Nゲージレイアウト国鉄露太本線建設記

運転よりシナリー重視コンセプトで、昭和40年代後半の風景再現を目指しレイアウトを製作中です。映像・画像を交えながら、製作記に加え、随想や旅行記も発信します。2016年9月より延伸線建設に着手しました。

生野街歩き-3 北町の街並みと夕景

「昭和の街並み」「昭和の香り」「昭和の温もり」、様々に言われるこれらは一体何だろうと、露太本線構想設計時に考えました。 時代にマッチした建物、車両、小物類、自然が、一定水準のクオリティとリアリティに達している事は、必要条件であっても充分条件ではない、何が必要なのか?何が足りないのか?という疑問です。 例えば、必要条件をクリアした構成要素を、真っ平な土地の定規で引いた様に真っ直ぐな道路沿いに、整然と配置しても、昭和の街並みの雰囲気は得られません。 と言って、曲がりくねった未舗装路沿いに、ランダムに配置すれば良い訳でもありません。

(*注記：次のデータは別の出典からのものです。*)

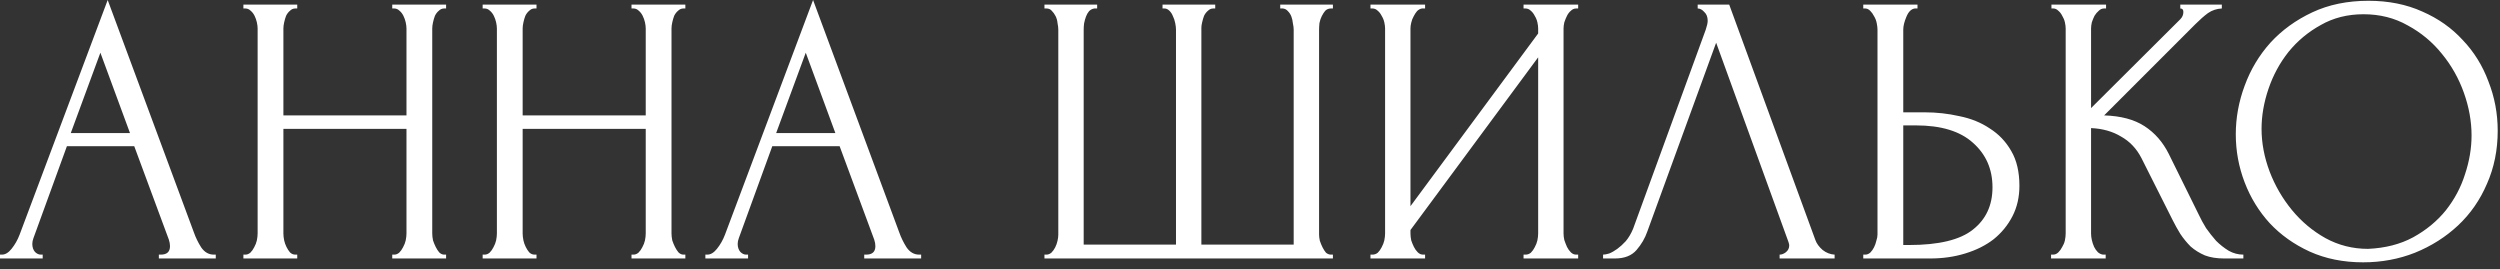 <?xml version="1.0" encoding="UTF-8"?> <svg xmlns="http://www.w3.org/2000/svg" width="325" height="35" viewBox="0 0 325 35" fill="none"><rect x="0" y="0" width="325" height="35" fill="#333333" stroke="none"/><path d="M20.65 33.102H20.9C21.7 33.102 22.1 32.735 22.1 32.002C22.1 31.735 22.05 31.452 21.95 31.152L17.45 19.002H8.7L4.35 30.952C4.25 31.218 4.2 31.468 4.2 31.702C4.2 32.135 4.316 32.485 4.55 32.752C4.783 32.985 5.033 33.102 5.3 33.102H5.55V33.602H-0V33.102H0.25C0.683 33.102 1.1 32.852 1.5 32.352C1.933 31.818 2.283 31.202 2.55 30.502L14 0.002L25.2 30.202C25.433 30.868 25.75 31.518 26.15 32.152C26.583 32.785 27.133 33.102 27.8 33.102H28.05V33.602H20.65V33.102ZM9.2 17.302H16.9L13.05 6.852L9.2 17.302ZM50.992 33.102H51.242C51.475 33.102 51.692 33.018 51.892 32.852C52.092 32.652 52.259 32.418 52.392 32.152C52.559 31.852 52.675 31.552 52.742 31.252C52.809 30.918 52.842 30.618 52.842 30.352V16.752H36.842V30.352C36.842 30.618 36.875 30.918 36.942 31.252C37.009 31.552 37.109 31.835 37.242 32.102C37.375 32.368 37.525 32.602 37.692 32.802C37.892 33.002 38.125 33.102 38.392 33.102H38.642V33.602H31.642V33.102H31.892C32.125 33.102 32.342 33.018 32.542 32.852C32.742 32.652 32.909 32.418 33.042 32.152C33.209 31.852 33.325 31.552 33.392 31.252C33.459 30.918 33.492 30.618 33.492 30.352V3.702C33.492 3.468 33.459 3.202 33.392 2.902C33.325 2.602 33.225 2.318 33.092 2.052C32.959 1.785 32.792 1.568 32.592 1.402C32.392 1.202 32.159 1.102 31.892 1.102H31.642V0.602H38.642V1.102H38.392C38.125 1.102 37.892 1.202 37.692 1.402C37.492 1.568 37.325 1.785 37.192 2.052C37.092 2.318 37.009 2.602 36.942 2.902C36.875 3.202 36.842 3.468 36.842 3.702V15.002H52.842V3.702C52.842 3.468 52.809 3.202 52.742 2.902C52.675 2.602 52.575 2.318 52.442 2.052C52.309 1.785 52.142 1.568 51.942 1.402C51.742 1.202 51.509 1.102 51.242 1.102H50.992V0.602H57.992V1.102H57.742C57.475 1.102 57.242 1.202 57.042 1.402C56.842 1.568 56.675 1.785 56.542 2.052C56.442 2.318 56.359 2.602 56.292 2.902C56.225 3.202 56.192 3.468 56.192 3.702V30.352C56.192 30.618 56.225 30.918 56.292 31.252C56.392 31.552 56.509 31.835 56.642 32.102C56.775 32.368 56.925 32.602 57.092 32.802C57.292 33.002 57.509 33.102 57.742 33.102H57.992V33.602H50.992V33.102ZM82.096 33.102H82.346C82.579 33.102 82.796 33.018 82.996 32.852C83.195 32.652 83.362 32.418 83.496 32.152C83.662 31.852 83.779 31.552 83.846 31.252C83.912 30.918 83.945 30.618 83.945 30.352V16.752H67.945V30.352C67.945 30.618 67.979 30.918 68.046 31.252C68.112 31.552 68.212 31.835 68.346 32.102C68.479 32.368 68.629 32.602 68.796 32.802C68.996 33.002 69.229 33.102 69.496 33.102H69.746V33.602H62.745V33.102H62.995C63.229 33.102 63.446 33.018 63.645 32.852C63.846 32.652 64.012 32.418 64.145 32.152C64.312 31.852 64.429 31.552 64.496 31.252C64.562 30.918 64.596 30.618 64.596 30.352V3.702C64.596 3.468 64.562 3.202 64.496 2.902C64.429 2.602 64.329 2.318 64.195 2.052C64.062 1.785 63.895 1.568 63.696 1.402C63.495 1.202 63.262 1.102 62.995 1.102H62.745V0.602H69.746V1.102H69.496C69.229 1.102 68.996 1.202 68.796 1.402C68.596 1.568 68.429 1.785 68.296 2.052C68.195 2.318 68.112 2.602 68.046 2.902C67.979 3.202 67.945 3.468 67.945 3.702V15.002H83.945V3.702C83.945 3.468 83.912 3.202 83.846 2.902C83.779 2.602 83.679 2.318 83.546 2.052C83.412 1.785 83.246 1.568 83.046 1.402C82.846 1.202 82.612 1.102 82.346 1.102H82.096V0.602H89.096V1.102H88.846C88.579 1.102 88.346 1.202 88.145 1.402C87.945 1.568 87.779 1.785 87.645 2.052C87.546 2.318 87.462 2.602 87.395 2.902C87.329 3.202 87.296 3.468 87.296 3.702V30.352C87.296 30.618 87.329 30.918 87.395 31.252C87.496 31.552 87.612 31.835 87.746 32.102C87.879 32.368 88.029 32.602 88.195 32.802C88.395 33.002 88.612 33.102 88.846 33.102H89.096V33.602H82.096V33.102ZM112.349 33.102H112.599C113.399 33.102 113.799 32.735 113.799 32.002C113.799 31.735 113.749 31.452 113.649 31.152L109.149 19.002H100.399L96.049 30.952C95.949 31.218 95.899 31.468 95.899 31.702C95.899 32.135 96.016 32.485 96.249 32.752C96.482 32.985 96.732 33.102 96.999 33.102H97.249V33.602H91.699V33.102H91.949C92.382 33.102 92.799 32.852 93.199 32.352C93.632 31.818 93.982 31.202 94.249 30.502L105.699 0.002L116.899 30.202C117.132 30.868 117.449 31.518 117.849 32.152C118.282 32.785 118.832 33.102 119.499 33.102H119.749V33.602H112.349V33.102ZM100.899 17.302H108.599L104.749 6.852L100.899 17.302ZM151.129 0.602H157.979V1.102H157.729C157.463 1.102 157.229 1.202 157.029 1.402C156.829 1.568 156.663 1.785 156.529 2.052C156.429 2.318 156.346 2.602 156.279 2.902C156.213 3.168 156.179 3.402 156.179 3.602V31.802H168.179V3.852C168.179 3.618 168.146 3.352 168.079 3.052C168.046 2.718 167.979 2.418 167.879 2.152C167.779 1.885 167.629 1.652 167.429 1.452C167.263 1.252 167.046 1.135 166.779 1.102H166.429V0.602H173.279V1.102H173.029C172.729 1.102 172.479 1.202 172.279 1.402C172.113 1.602 171.963 1.835 171.829 2.102C171.696 2.368 171.596 2.668 171.529 3.002C171.496 3.335 171.479 3.618 171.479 3.852V30.502C171.479 30.735 171.513 31.002 171.579 31.302C171.679 31.602 171.796 31.885 171.929 32.152C172.063 32.418 172.213 32.652 172.379 32.852C172.579 33.018 172.796 33.102 173.029 33.102H173.279V33.602H135.779V33.102H136.029C136.263 33.102 136.479 33.018 136.679 32.852C136.879 32.652 137.046 32.418 137.179 32.152C137.313 31.885 137.413 31.602 137.479 31.302C137.546 31.002 137.579 30.735 137.579 30.502V3.852C137.579 3.618 137.546 3.335 137.479 3.002C137.446 2.668 137.363 2.368 137.229 2.102C137.096 1.835 136.929 1.602 136.729 1.402C136.563 1.202 136.329 1.102 136.029 1.102H135.779V0.602H142.629V1.102H142.279C142.013 1.135 141.779 1.252 141.579 1.452C141.413 1.652 141.279 1.885 141.179 2.152C141.079 2.418 140.996 2.718 140.929 3.052C140.896 3.352 140.879 3.618 140.879 3.852V31.802H152.879V3.852C152.879 3.618 152.846 3.335 152.779 3.002C152.713 2.668 152.613 2.368 152.479 2.102C152.379 1.835 152.229 1.602 152.029 1.402C151.829 1.202 151.613 1.102 151.379 1.102H151.129V0.602ZM198.061 33.102H198.311C198.578 33.102 198.811 33.018 199.011 32.852C199.211 32.652 199.378 32.418 199.511 32.152C199.678 31.852 199.794 31.552 199.861 31.252C199.928 30.918 199.961 30.618 199.961 30.352V7.452L183.361 29.902V30.352C183.361 30.618 183.394 30.918 183.461 31.252C183.561 31.552 183.678 31.835 183.811 32.102C183.944 32.368 184.111 32.602 184.311 32.802C184.511 33.002 184.744 33.102 185.011 33.102H185.261V33.602H178.161V33.102H178.411C178.678 33.102 178.911 33.018 179.111 32.852C179.311 32.652 179.478 32.418 179.611 32.152C179.778 31.852 179.894 31.552 179.961 31.252C180.028 30.918 180.061 30.618 180.061 30.352V3.702C180.061 3.468 180.028 3.202 179.961 2.902C179.894 2.602 179.778 2.318 179.611 2.052C179.478 1.785 179.311 1.568 179.111 1.402C178.911 1.202 178.678 1.102 178.411 1.102H178.161V0.602H185.261V1.102H184.861C184.628 1.135 184.411 1.252 184.211 1.452C184.044 1.652 183.894 1.885 183.761 2.152C183.628 2.385 183.528 2.652 183.461 2.952C183.394 3.218 183.361 3.468 183.361 3.702V26.802L199.961 4.352V3.702C199.961 3.468 199.928 3.202 199.861 2.902C199.794 2.602 199.678 2.318 199.511 2.052C199.378 1.785 199.211 1.568 199.011 1.402C198.811 1.202 198.578 1.102 198.311 1.102H198.061V0.602H205.161V1.102H204.911C204.644 1.102 204.411 1.202 204.211 1.402C204.011 1.568 203.844 1.785 203.711 2.052C203.578 2.318 203.461 2.602 203.361 2.902C203.294 3.202 203.261 3.468 203.261 3.702V30.352C203.261 30.618 203.294 30.902 203.361 31.202C203.461 31.502 203.578 31.802 203.711 32.102C203.844 32.368 204.011 32.602 204.211 32.802C204.411 33.002 204.644 33.102 204.911 33.102H205.161V33.602H198.061V33.102ZM214.149 30.102C213.849 30.968 213.383 31.768 212.749 32.502C212.116 33.235 211.183 33.602 209.949 33.602H208.399V33.102C208.599 33.102 208.866 33.052 209.199 32.952C209.533 32.818 209.883 32.618 210.249 32.352C210.616 32.085 210.983 31.752 211.349 31.352C211.716 30.918 212.033 30.385 212.299 29.752L221.749 3.852C221.916 3.352 221.999 2.968 221.999 2.702C221.999 2.202 221.849 1.818 221.549 1.552C221.283 1.252 220.999 1.102 220.699 1.102V0.602H224.799L235.999 31.202C236.166 31.668 236.483 32.102 236.949 32.502C237.416 32.868 237.933 33.068 238.499 33.102V33.602H231.349V33.102C231.616 33.102 231.883 33.002 232.149 32.802C232.449 32.568 232.599 32.268 232.599 31.902C232.599 31.802 232.566 31.652 232.499 31.452L223.099 5.552L214.149 30.102ZM242.224 33.102H242.474C242.707 33.102 242.924 33.018 243.124 32.852C243.324 32.652 243.49 32.418 243.624 32.152C243.757 31.885 243.857 31.602 243.924 31.302C244.024 31.002 244.074 30.735 244.074 30.502V3.852C244.074 3.618 244.04 3.335 243.974 3.002C243.907 2.668 243.79 2.368 243.624 2.102C243.49 1.835 243.324 1.602 243.124 1.402C242.924 1.202 242.707 1.102 242.474 1.102H242.224V0.602H249.274V1.102H248.924C248.457 1.168 248.09 1.535 247.824 2.202C247.557 2.835 247.424 3.385 247.424 3.852V14.602H250.224C251.757 14.602 253.257 14.768 254.724 15.102C256.224 15.402 257.54 15.935 258.674 16.702C259.84 17.435 260.774 18.418 261.474 19.652C262.174 20.852 262.524 22.352 262.524 24.152C262.524 25.618 262.224 26.935 261.624 28.102C261.024 29.268 260.207 30.268 259.174 31.102C258.14 31.902 256.907 32.518 255.474 32.952C254.074 33.385 252.557 33.602 250.924 33.602H242.224V33.102ZM248.174 31.852C252.04 31.852 254.807 31.185 256.474 29.852C258.174 28.518 259.024 26.685 259.024 24.352C259.024 21.985 258.174 20.052 256.474 18.552C254.807 17.052 252.34 16.302 249.074 16.302H247.424V31.852H248.174ZM266.638 33.102H266.888C267.154 33.102 267.388 33.002 267.588 32.802C267.788 32.602 267.954 32.368 268.088 32.102C268.254 31.835 268.371 31.552 268.438 31.252C268.504 30.918 268.538 30.618 268.538 30.352V3.702C268.538 3.468 268.504 3.202 268.438 2.902C268.371 2.602 268.254 2.318 268.088 2.052C267.954 1.785 267.788 1.568 267.588 1.402C267.388 1.202 267.171 1.102 266.938 1.102H266.688V0.602H273.788V1.102H273.538C273.271 1.102 273.038 1.202 272.838 1.402C272.638 1.568 272.454 1.785 272.288 2.052C272.154 2.318 272.038 2.602 271.938 2.902C271.871 3.202 271.838 3.468 271.838 3.702V14.052L283.438 2.502C283.704 2.235 283.838 1.918 283.838 1.552C283.838 1.252 283.704 1.102 283.438 1.102V0.602H288.838V1.102C288.171 1.135 287.571 1.335 287.038 1.702C286.538 2.068 285.988 2.552 285.388 3.152L273.538 15.002C275.704 15.068 277.454 15.535 278.788 16.402C280.121 17.268 281.171 18.468 281.938 20.002L285.888 28.002C286.121 28.502 286.421 29.052 286.788 29.652C287.188 30.218 287.621 30.768 288.088 31.302C288.588 31.802 289.138 32.235 289.738 32.602C290.338 32.935 290.971 33.102 291.638 33.102V33.602H289.138C288.171 33.602 287.338 33.468 286.638 33.202C285.938 32.902 285.321 32.518 284.788 32.052C284.288 31.552 283.838 31.002 283.438 30.402C283.071 29.802 282.738 29.202 282.438 28.602L278.388 20.552C277.754 19.318 276.871 18.385 275.738 17.752C274.638 17.085 273.338 16.718 271.838 16.652V30.352C271.838 30.618 271.871 30.902 271.938 31.202C272.004 31.502 272.104 31.802 272.238 32.102C272.371 32.368 272.538 32.602 272.738 32.802C272.938 32.968 273.154 33.068 273.388 33.102H273.738V33.602H266.638V33.102ZM307.902 0.102C310.502 0.102 312.835 0.568 314.902 1.502C316.968 2.402 318.718 3.635 320.152 5.202C321.618 6.735 322.735 8.535 323.502 10.602C324.302 12.635 324.702 14.768 324.702 17.002C324.702 19.502 324.235 21.802 323.302 23.902C322.402 26.002 321.152 27.802 319.552 29.302C317.952 30.802 316.085 31.985 313.952 32.852C311.852 33.685 309.602 34.102 307.202 34.102C304.635 34.102 302.318 33.635 300.252 32.702C298.218 31.768 296.485 30.535 295.052 29.002C293.652 27.468 292.568 25.702 291.802 23.702C291.035 21.702 290.652 19.618 290.652 17.452C290.652 15.318 291.035 13.218 291.802 11.152C292.568 9.052 293.685 7.185 295.152 5.552C296.652 3.918 298.468 2.602 300.602 1.602C302.735 0.602 305.168 0.102 307.902 0.102ZM307.852 32.352C310.085 32.252 312.035 31.752 313.702 30.852C315.402 29.918 316.818 28.752 317.952 27.352C319.085 25.918 319.918 24.352 320.452 22.652C321.018 20.952 321.302 19.268 321.302 17.602C321.302 15.768 320.968 13.918 320.302 12.052C319.635 10.185 318.685 8.502 317.452 7.002C316.218 5.468 314.735 4.235 313.002 3.302C311.302 2.335 309.385 1.852 307.252 1.852C305.185 1.852 303.335 2.318 301.702 3.252C300.068 4.152 298.668 5.318 297.502 6.752C296.368 8.185 295.502 9.785 294.902 11.552C294.302 13.318 294.002 15.052 294.002 16.752C294.002 18.585 294.352 20.435 295.052 22.302C295.752 24.135 296.718 25.802 297.952 27.302C299.185 28.802 300.635 30.018 302.302 30.952C304.002 31.885 305.852 32.352 307.852 32.352Z" fill="white"></path></svg>

極論かもしれませんが、現在が機能優先・効率重視の『人が自然を屈服させた街並み』だとすれば、当時は『人が自然に寄り添った街並み』だったのではないかと考えています。 自然及び先造構造物(北町通りは鉄道敷設後に発展した)に由来する微妙な「曲がり」や「傾斜」がそこかしこに残っていました、「理由」が見える「ムダ」や「ムラ」と言い換える事もできます。 それらが建築物や構造物の角度や高さ変え、「形」「色」「光」を含めて一見バラバラで個性に富みながらも、全体として奏でるハーモニーが昭和の香り、つまり「いつかどこかで見た懐かしい風景」を生むではないかと思います。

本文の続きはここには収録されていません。